Content starts
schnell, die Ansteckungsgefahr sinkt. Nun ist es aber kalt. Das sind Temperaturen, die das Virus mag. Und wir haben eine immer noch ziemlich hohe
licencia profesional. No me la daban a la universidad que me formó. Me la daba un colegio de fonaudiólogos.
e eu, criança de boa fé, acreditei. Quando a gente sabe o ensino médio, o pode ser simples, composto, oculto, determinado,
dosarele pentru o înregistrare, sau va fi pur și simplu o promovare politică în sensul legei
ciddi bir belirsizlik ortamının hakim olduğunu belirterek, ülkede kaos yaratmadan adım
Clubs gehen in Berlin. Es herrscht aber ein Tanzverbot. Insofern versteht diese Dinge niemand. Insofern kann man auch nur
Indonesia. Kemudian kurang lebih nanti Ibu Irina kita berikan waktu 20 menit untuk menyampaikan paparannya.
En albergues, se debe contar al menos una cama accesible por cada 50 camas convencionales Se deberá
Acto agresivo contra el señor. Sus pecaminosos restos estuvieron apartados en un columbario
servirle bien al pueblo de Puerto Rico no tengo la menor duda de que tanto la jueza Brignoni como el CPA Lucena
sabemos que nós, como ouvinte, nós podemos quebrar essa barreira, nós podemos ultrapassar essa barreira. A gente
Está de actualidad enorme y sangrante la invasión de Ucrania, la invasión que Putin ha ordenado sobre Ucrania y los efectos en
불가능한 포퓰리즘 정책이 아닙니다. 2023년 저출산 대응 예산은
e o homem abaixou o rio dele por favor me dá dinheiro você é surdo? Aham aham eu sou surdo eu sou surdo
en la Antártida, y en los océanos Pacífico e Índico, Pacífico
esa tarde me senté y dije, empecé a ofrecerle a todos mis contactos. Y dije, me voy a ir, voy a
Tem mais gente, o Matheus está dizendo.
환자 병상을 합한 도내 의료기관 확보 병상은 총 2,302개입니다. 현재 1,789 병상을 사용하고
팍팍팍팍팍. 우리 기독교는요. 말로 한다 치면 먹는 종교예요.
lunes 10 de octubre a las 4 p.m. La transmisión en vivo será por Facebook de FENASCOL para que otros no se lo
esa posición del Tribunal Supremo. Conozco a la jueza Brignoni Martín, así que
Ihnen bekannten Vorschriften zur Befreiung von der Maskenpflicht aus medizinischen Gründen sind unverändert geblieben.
Content ends
=== What to work on ===
Display each line of the data where "jueza" occurs.

=== Reply ===
servirle bien al pueblo de Puerto Rico no tengo la menor duda de que tanto la jueza Brignoni como el CPA Lucena
esa posición del Tribunal Supremo. Conozco a la jueza Brignoni Martín, así que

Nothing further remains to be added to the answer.